A view of Mercury captured during MESSENGER's mission (Photo: NASA/JPL)
Mercury, the innermost planet in the solar system, remained relatively unexplored until NASA’s MESSENGER probe orbited and studied it from 2011 to 2015. This mission permitted scientists to observe never-before-seen geologic formations, map ancient volatile chemicals trapped in polar craters, and explore the unexpectedly complex structures of the thin atmosphere and dynamic magnetosphere. MESSENGER results have transformed the understanding of Mercury, turning formation theories on their head and forcing scientists to reexamine what was once thought to be known about the first rock from the sun.

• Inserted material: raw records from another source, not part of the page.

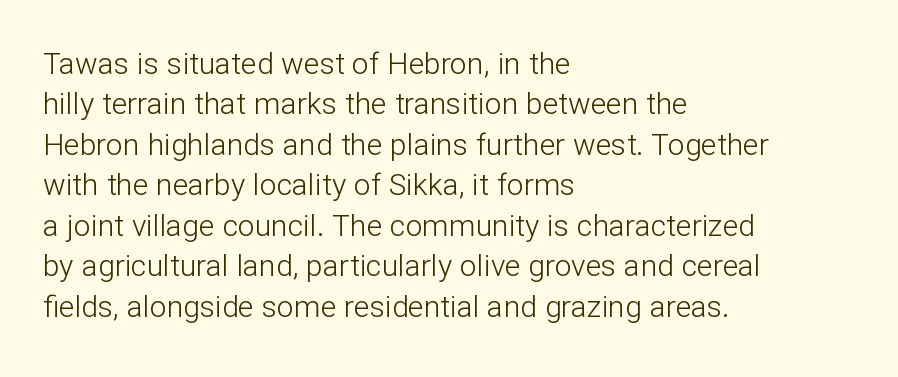
Q: Is the text bold? A: No.
Q: Is the text italic (slanted)? A: No, it is upright.
Q: Is the typeface a serif or a sans-serif typeface? A: Sans-serif.
Q: Is the text underlined? A: No.
Q: How is the paragraph aligned? A: Left-aligned.
Q: Is the spacing between letters normal or unusually wide? A: Normal.
Q: Is the spacing between lines tight, normal or loose? A: Normal.
Q: Width (condensed, normal, or wide)? A: Normal.
Q: Stroke contrast? A: Low.
Q: x-height? A: Medium.
Q: Monospaced? A: No.
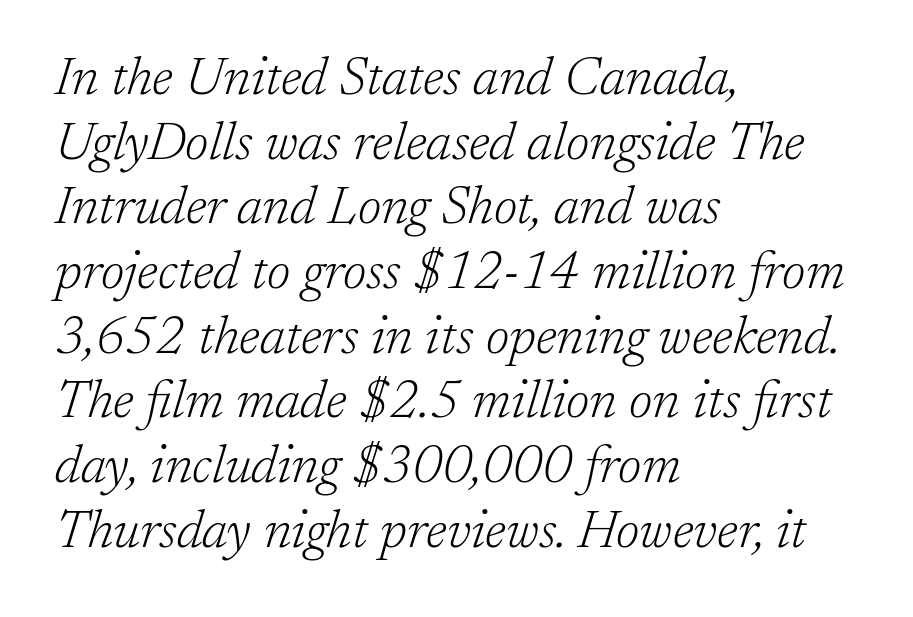
{"serif": "yes", "italic": "yes", "lean": "right", "slant_degrees": 17, "bold": "no", "weight": "light", "width": "normal", "stroke_contrast": "low", "x_height": "medium", "monospaced": "no", "underline": "no", "align": "left", "line_spacing_ratio": 1.22, "letter_spacing": "normal", "letter_spacing_em": 0.0, "glyph_px": 53}
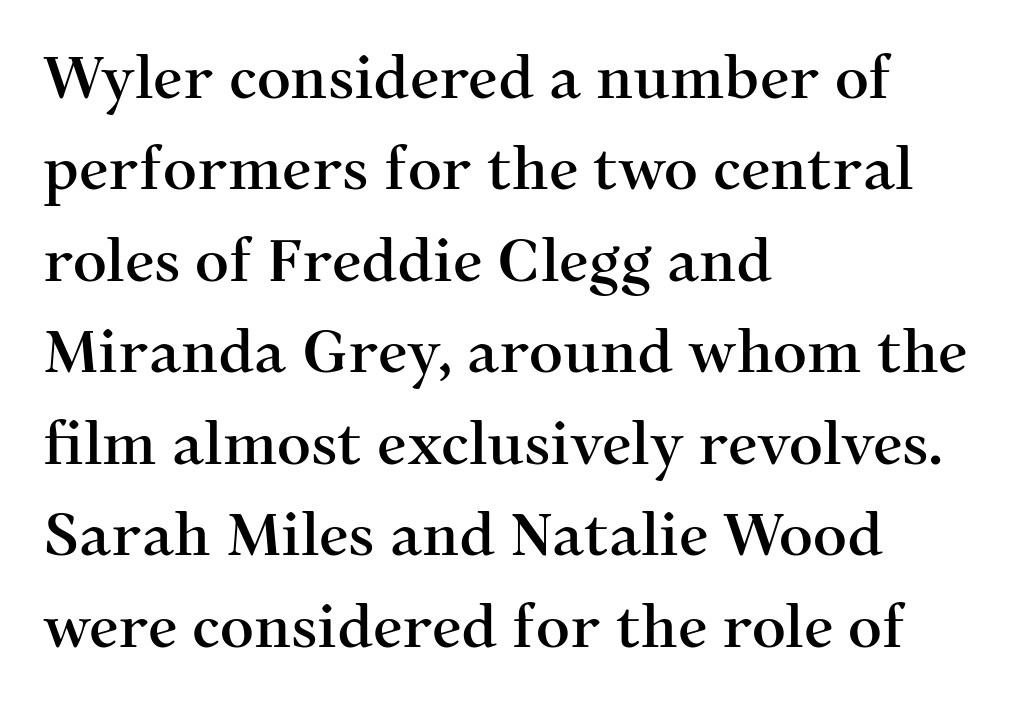
The image shows 59 px serif type, upright; set left-aligned, normal line spacing (1.55x), normal letter spacing, not underlined; medium stroke contrast and a medium x-height.
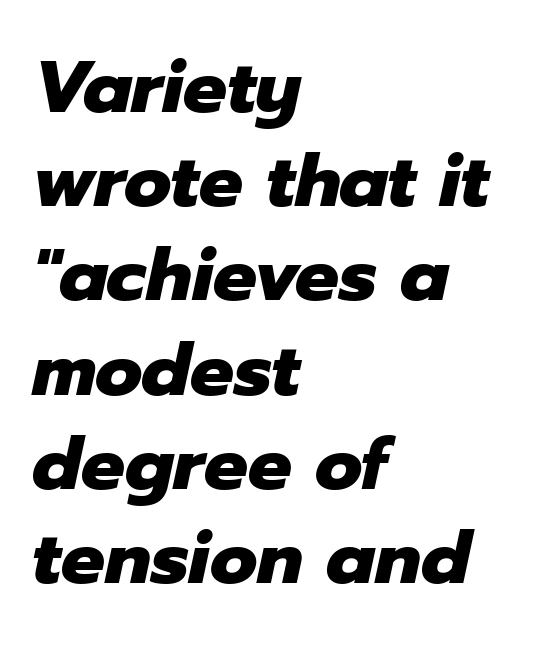
{"italic": "yes", "lean": "right", "slant_degrees": 12, "bold": "yes", "weight": "heavy", "width": "normal", "stroke_contrast": "low", "x_height": "medium", "monospaced": "no", "underline": "no", "align": "left", "line_spacing": "normal", "line_spacing_ratio": 1.29, "letter_spacing": "normal", "letter_spacing_em": 0.0, "glyph_px": 73}
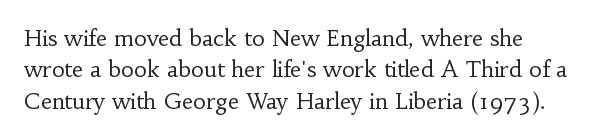
The line-height multiplier appears to be the usual default. The ragged edge is on the right, which tells us the setting is flush left. A typesetter would mark this as roman, not italic. This sample uses plain, unmodified letter spacing. No letter is thick-stroked: the sample isn't bold.

Ronald J. Vervack Jr., who worked on the MESSENGER mission, highlights how Mercury went from merely the smallest planet to a world from which much can be learned about the formation, evolution, and current state of the solar system. Vervack is a principal professional staff scientist at Johns Hopkins Applied Physics Laboratory.
The Grand Tour of the Solar System series treks to the Sun and the four inner terrestrial planets before traveling outward to the asteroid belt, four Jovian planets, and beyond. At each session, a professional astronomer explores a solar system body, presenting the latest research.
Following the talk and a question-and-answer period, Peter Plavchan, a professor of physics and astronomy at George Mason University, brings that night’s sky right into participants’ living rooms via remote control of the university observatory, weather permitting.